Five Minute Fiber Expert- The Fiber Optic Gyroscope (FOG)

Five Minute Fiber Expert 4 - The Fiber Optic Gyroscope (FOG)

Last time you learned about our BIG Product, Bow-Tie PM Fiber – this month, it’s the turn of the BIG Application. So let’s answer five simple questions:

1. What is a gyroscope?

2. What is a fiber optic gyroscope?

3. What makes a fiber optic gyroscope better?

4. Why does a FOG need Bow-Tie PM fiber?

5. What are the key PM fiber design elements?

Put simply, a gyroscope is a device that measures rotation. So, by using a gyroscope, you can find out where something is pointing (e.g. an aircraft) or how level it is (e.g. a hovering helicopter, a high-speed train carriage or even a pair of binoculars). This is why gyros are used to help navigate ships, aircraft and even some land vehicles and in systems used for automatically stabilizing things.

To be effective, you need one gyro for each degree of freedom (or ‘axis’) in which the ‘platform’ can move. Aircraft, for example, can move in three dimensions – so need three gyros to cover roll, pitch and yaw.

Traditional gyroscopes have been around for more than 100 years and work on the ‘spinning mass’ principle. Those of you who had a gyro top as a child, or have played with one of those wrist-strengthening balls will recall that when you spin the rotor, the gyro gets a mind of its own and wants to remain upright? Well it’s the force that the gyro exerts trying to right itself (aka ‘gyro torque’) that can be used to determine how far you have tried to rotate it.

A FOG achieves the same result, but using polarized light and something called the Sagnac Effect. The Sagnac Effect states that if light travels simultaneously in both directions around an enclosed optical system and the optical system experiences a rotation, the light will undergo a Doppler-Shift (remember how police sirens change pitch as the car speeds past you?…same thing) with the result that the two beams will recombine out-of phase, creating interference. If you analyze this interference, you can find out the degree and the rate of rotation. In essence, a simple FOG looks a bit like this:

The true benefit of FOG over a traditional, spinning-mass gyro is that it has no moving parts – no moving parts means nothing to wear out and nothing to service. As a result, FOGs are tougher, more reliable and demand far less maintenance. In fact one Fibercore customer found that the military could use one of their systems for an average 30 times longer before repair, simply by switching from conventional gyros to FOG. Another advantage of FOG is that it is ready to work immediately, whereas a spinning-mass gyro can take up to 30 seconds to spin-up and stabilize. 30 seconds might not seem that much – but those of you old enough to remember the Cold War, will also remember that we would only have had three minutes to wait from detection to destruction.
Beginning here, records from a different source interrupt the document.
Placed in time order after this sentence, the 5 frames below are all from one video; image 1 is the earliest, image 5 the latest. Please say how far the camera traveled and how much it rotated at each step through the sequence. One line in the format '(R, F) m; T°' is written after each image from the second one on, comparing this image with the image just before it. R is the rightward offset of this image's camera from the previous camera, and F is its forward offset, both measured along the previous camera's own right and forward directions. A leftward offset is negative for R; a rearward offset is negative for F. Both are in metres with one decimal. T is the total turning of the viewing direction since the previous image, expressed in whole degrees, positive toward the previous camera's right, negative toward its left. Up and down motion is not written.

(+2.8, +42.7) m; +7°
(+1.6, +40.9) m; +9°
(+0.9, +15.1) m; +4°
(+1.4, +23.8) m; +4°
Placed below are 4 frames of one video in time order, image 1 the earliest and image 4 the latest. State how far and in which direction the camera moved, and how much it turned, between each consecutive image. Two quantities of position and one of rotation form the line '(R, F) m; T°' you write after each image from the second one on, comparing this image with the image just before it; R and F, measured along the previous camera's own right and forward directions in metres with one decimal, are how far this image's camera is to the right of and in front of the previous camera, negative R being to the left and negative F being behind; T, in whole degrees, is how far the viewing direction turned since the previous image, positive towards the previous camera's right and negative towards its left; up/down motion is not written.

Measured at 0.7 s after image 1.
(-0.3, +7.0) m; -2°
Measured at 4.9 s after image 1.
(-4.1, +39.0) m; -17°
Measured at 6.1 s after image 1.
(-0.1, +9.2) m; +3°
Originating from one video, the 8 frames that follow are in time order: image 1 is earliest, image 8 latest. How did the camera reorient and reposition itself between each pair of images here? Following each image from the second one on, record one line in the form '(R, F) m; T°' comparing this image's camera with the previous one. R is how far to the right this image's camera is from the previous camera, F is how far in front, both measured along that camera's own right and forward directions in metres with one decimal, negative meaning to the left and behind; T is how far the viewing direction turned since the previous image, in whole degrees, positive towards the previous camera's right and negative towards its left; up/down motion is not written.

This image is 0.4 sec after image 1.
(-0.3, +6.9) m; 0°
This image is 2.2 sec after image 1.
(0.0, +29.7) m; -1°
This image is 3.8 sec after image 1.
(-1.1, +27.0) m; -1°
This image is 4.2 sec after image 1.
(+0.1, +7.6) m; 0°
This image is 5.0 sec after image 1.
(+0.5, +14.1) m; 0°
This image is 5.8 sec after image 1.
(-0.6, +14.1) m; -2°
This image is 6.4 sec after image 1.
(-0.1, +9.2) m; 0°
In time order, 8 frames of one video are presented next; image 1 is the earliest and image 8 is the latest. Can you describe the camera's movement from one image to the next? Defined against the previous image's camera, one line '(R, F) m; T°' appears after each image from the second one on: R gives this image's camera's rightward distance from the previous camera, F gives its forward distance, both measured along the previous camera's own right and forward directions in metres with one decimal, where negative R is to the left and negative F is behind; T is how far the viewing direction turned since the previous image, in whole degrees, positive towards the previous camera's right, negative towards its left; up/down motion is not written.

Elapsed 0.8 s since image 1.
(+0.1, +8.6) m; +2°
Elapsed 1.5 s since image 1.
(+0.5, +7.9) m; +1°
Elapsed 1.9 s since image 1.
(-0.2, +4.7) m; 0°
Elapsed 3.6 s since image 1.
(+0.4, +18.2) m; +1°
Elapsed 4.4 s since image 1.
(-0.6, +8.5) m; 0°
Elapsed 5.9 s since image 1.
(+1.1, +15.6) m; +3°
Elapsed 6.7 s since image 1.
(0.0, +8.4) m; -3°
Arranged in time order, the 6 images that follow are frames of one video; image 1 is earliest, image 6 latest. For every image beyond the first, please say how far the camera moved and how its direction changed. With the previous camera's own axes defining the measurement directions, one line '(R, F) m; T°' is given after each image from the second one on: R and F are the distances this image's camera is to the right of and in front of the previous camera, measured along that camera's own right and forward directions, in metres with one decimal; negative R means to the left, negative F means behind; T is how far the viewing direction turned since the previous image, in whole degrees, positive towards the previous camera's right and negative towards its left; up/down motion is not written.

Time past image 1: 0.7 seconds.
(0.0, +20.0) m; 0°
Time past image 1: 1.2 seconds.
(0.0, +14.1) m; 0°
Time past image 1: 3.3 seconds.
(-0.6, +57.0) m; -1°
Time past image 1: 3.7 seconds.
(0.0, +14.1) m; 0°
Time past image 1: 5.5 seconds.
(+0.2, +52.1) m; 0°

Right up until the early 1980s – 30 seconds was a long time!

The optical fiber in a FOG enables a very long optical path length to be confined into a small volume and so magnify the small phase shift caused by the Sagnac Effect – and the longer the path length, the more accurate the FOG. Satellite manufacturers often ask for long lengths of continuous fiber, sometimes up to 5,200 m lengths of HB1500G variants – this is because the fiber is used in the very accurate FOGs used in satellites launched by the European Space Agency (ESA) that make sure that the solar cells are always pointing at the Sun. And if those solar cells stop pointing at the Sun, the satellite dies – so I guess we play a pretty important part in ensuring the success of ESA missions!

The fiber used in FOGs needs to preserve polarization because, in order to generate stable interference, two light waves have to have the same orientation – if they crossed at right angles, they wouldn’t even know the other one was there! Typically, people want to get the longest optical path length into the smallest possible space and this leads to small diameter coils with multiple layers – demanding lots of birefringence (short beat-lengths) to make sure that the micro-bending created within these layers does not counteract the stress inside the fiber (see 5-Minute Expert #3), high numerical apertures to ensure that the fiber continues to guide strongly in these small coils (see 5-Minute Expert #1) and reduced fiber diameter, to improve lifetime and save space (see 5-Minute Expert #1). All of which go a long way to explaining our current development direction of ultra low-profile, ultra-high birefringence Bow Tie PM Fiber.

Fibercore’s product range can be found at http://www.fibercore.com/

Five Minute Expert: ‘Bow Tie’ Polarization Maintaining Fiber

‘Bow Tie’ Polarization Maintaining Fiber

Well, here it is, ‘The Big One’. So what makes it different from standard, telecommunications fibers, and how does it work?

As you can see, it got its name because it was invented in 1982, so long ago that Fabricators wore bow-ties – because an ordinary tie could too easily have become wrapped around the lathe ...…OK, so I made this bit up, but at least you were listening!

The distinctive cross-section of a bow-tie fiber is created by the two segments of boron-doped glass that flank the core (you may hear these segments being called SAPs or stress-applying parts). As the fiber cools during the drawing process, the boron makes the S

APs contract more than the rest of the fiber, placing the core in tension. This tension stretches the glass structure along the axis running parallel to the stress and compresses it along the axis running perpendicular to it and, in doing so, changes its optical properties. Light moves less easily through the compressed, densified structure, causing it to travel more slowly – and conversely, more easily and more quickly through the stretched structure. In this way, the fast and slow axes are created – the fast running perpendicular and the slow, parallel to the SAPs. This is called birefringence.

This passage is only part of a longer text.